* _THE TASK_
Print the listing below word for word, but drop any pictures it contains.

* _GIVEN MATERIAL_
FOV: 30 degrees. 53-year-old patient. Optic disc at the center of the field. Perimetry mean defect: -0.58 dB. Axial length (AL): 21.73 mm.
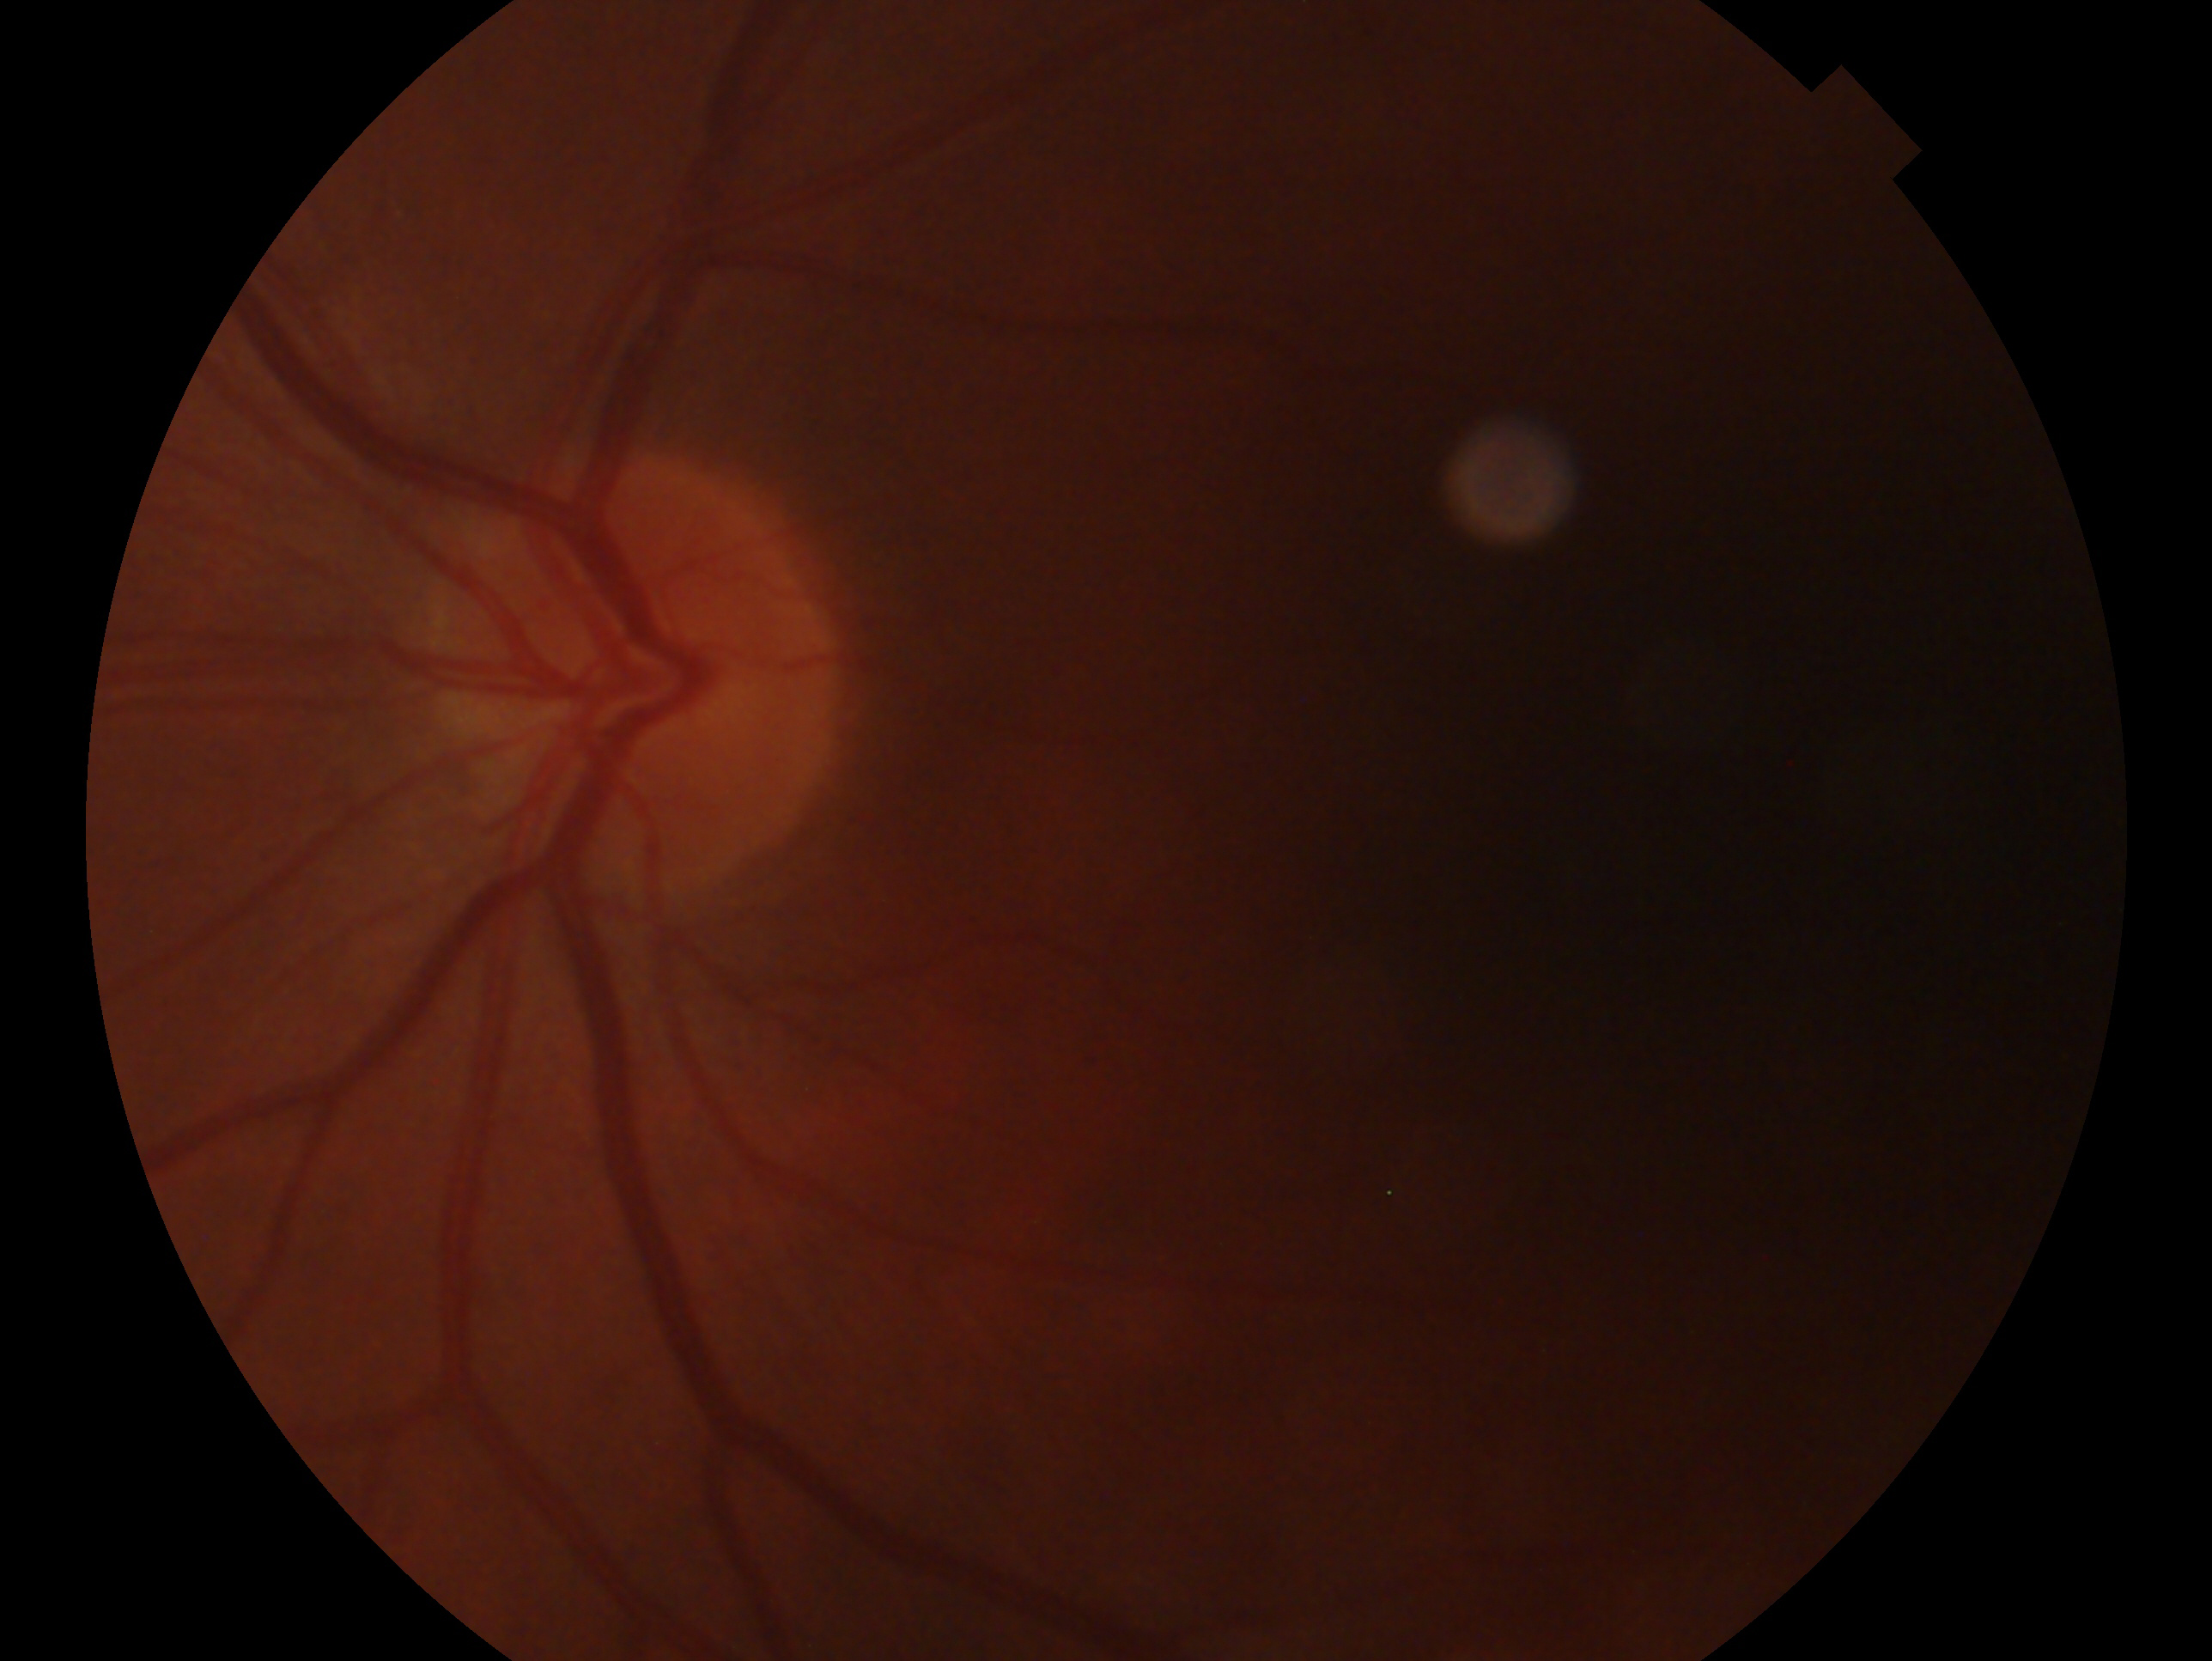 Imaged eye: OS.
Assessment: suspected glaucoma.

* _RESPONSE TO THIS TASK_
FOV: 30 degrees. 53-year-old patient. Optic disc at the center of the field. Perimetry mean defect: -0.58 dB. Axial length (AL): 21.73 mm.
 Imaged eye: OS.
Assessment: suspected glaucoma.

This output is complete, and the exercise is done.